What do you enjoy most about being an Instructor?

I love when I can help open student’s eyes to aspects of the natural world that are unfamiliar to them, and especially when I can convince them that plants are way more interesting than they might have first thought. I find that a lot of students first see plants as food or forage or habitat, but don’t necessarily think of them as focal organisms in their own right, so I love to flip that around and challenge everyone to see the world from a plant’s perspective, where the plant is central and animals are “just” herbivores or pollinators.

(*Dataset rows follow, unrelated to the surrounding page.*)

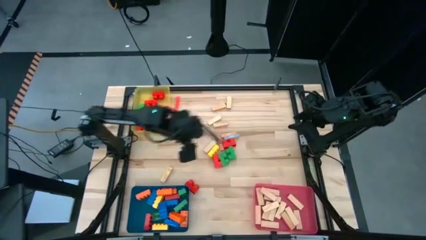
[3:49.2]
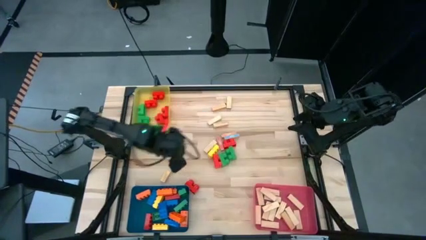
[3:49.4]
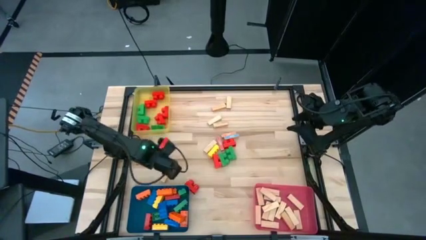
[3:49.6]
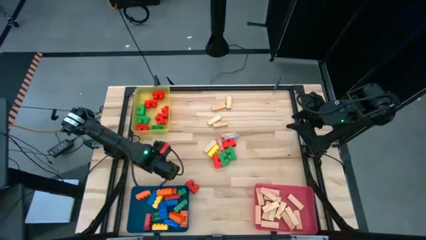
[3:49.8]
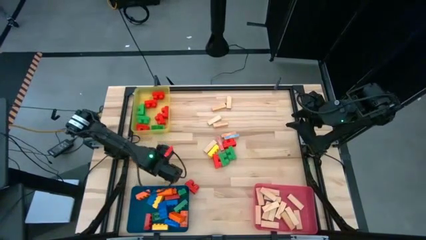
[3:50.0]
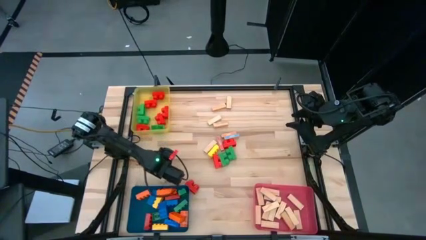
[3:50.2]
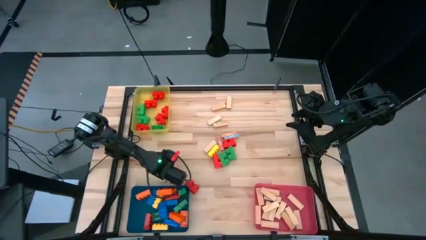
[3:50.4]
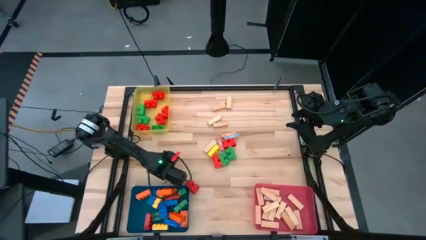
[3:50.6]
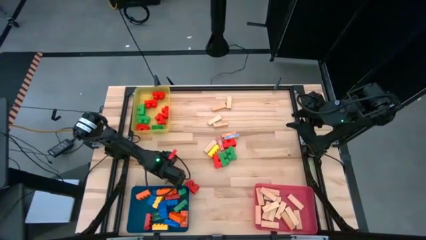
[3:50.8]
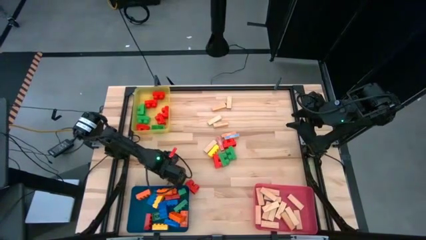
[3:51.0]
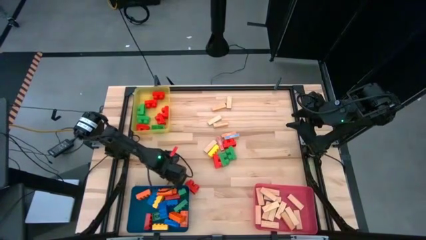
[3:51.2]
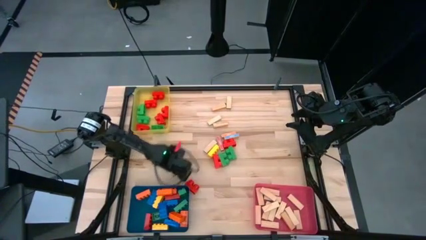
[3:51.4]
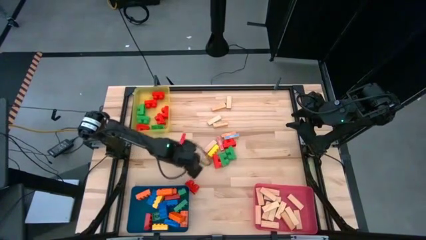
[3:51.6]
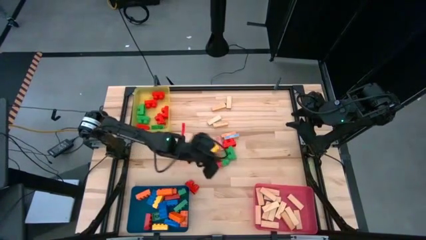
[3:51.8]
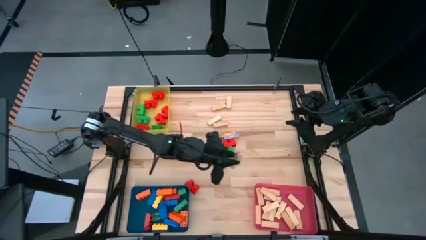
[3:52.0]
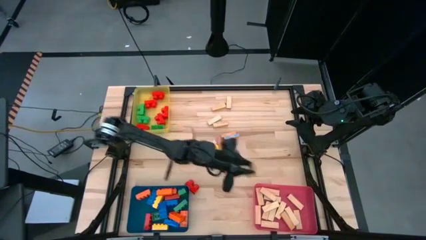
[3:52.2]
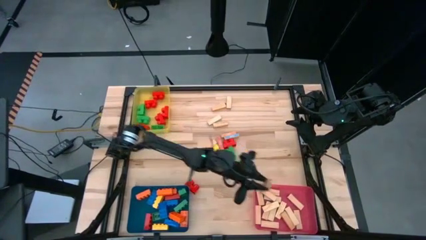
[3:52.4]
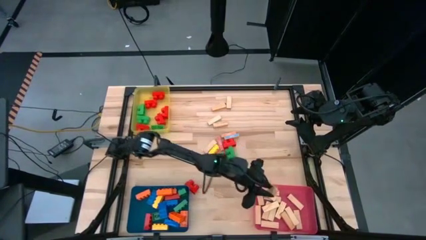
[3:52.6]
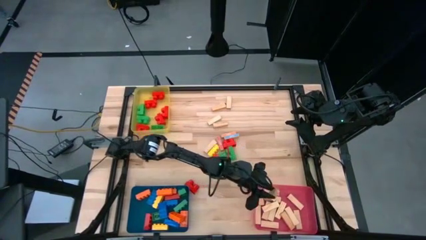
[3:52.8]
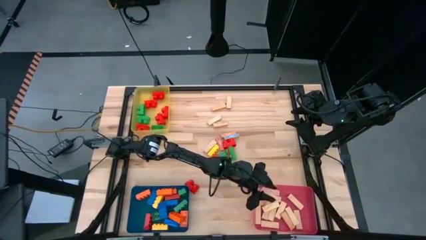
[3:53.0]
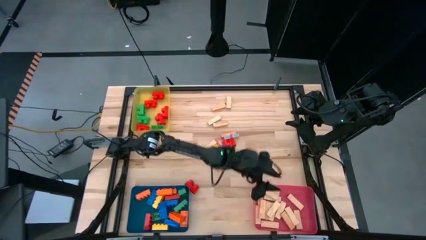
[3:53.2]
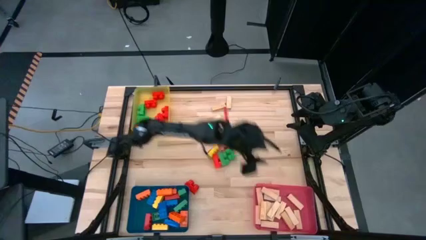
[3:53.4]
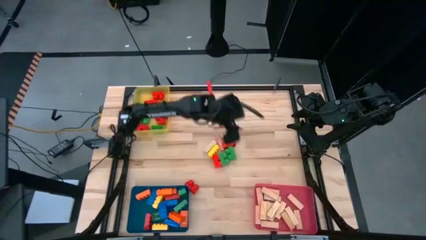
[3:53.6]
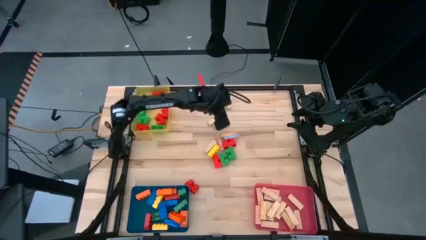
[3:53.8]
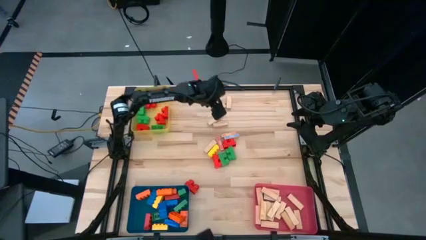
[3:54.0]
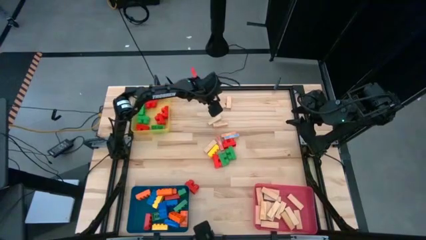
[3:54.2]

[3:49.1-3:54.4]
Put the wooden block into the red bin

I also am thrilled when students become comfortable enough in the classroom to really dig in and engage with each other and the material – especially when small group activities get really loud because everyone is actively wrestling with concepts, challenging assumptions, or discussing their interpretations.

How would you describe your teaching style?

I like to incorporate a mix of activities and I try to foster a friendly and casual environment so that students feel comfortable asking questions of me and each other.

What is a memorable anecdote from your own undergraduate experience?

I always knew I liked scientific research and being outdoors, but somehow I never thought the two could be combined into one career. In my mind scientific research involved wearing a white coat and goggles at a bench, and outdoor activities were the stuff of hobbies. But in my second year I took a course on evolution in which the prof incorporated lots of current examples from his own lab group, with pictures (in a slide carousel… this was a while ago!) of them out and about collecting data in the Galapagos and the Bahamas. And I left class one day completely transformed – it literally changed my worldview and the course of my life to know that I could do scientific research, even manipulative experiments, out in natural systems.

What do you like to do in your spare time?

I’m an avid trail runner, though a knee injury has me sidelined at the moment. And I try to get my young kids outdoors exploring the natural world as often as possible.

What is a fun fact about you that people may not know?

I started off my research career studying lizards. I spent 3 summers tromping around the Ozarks trying to sneak up on them and catch them with dental floss tied to a fishing pole. Plants are way easier!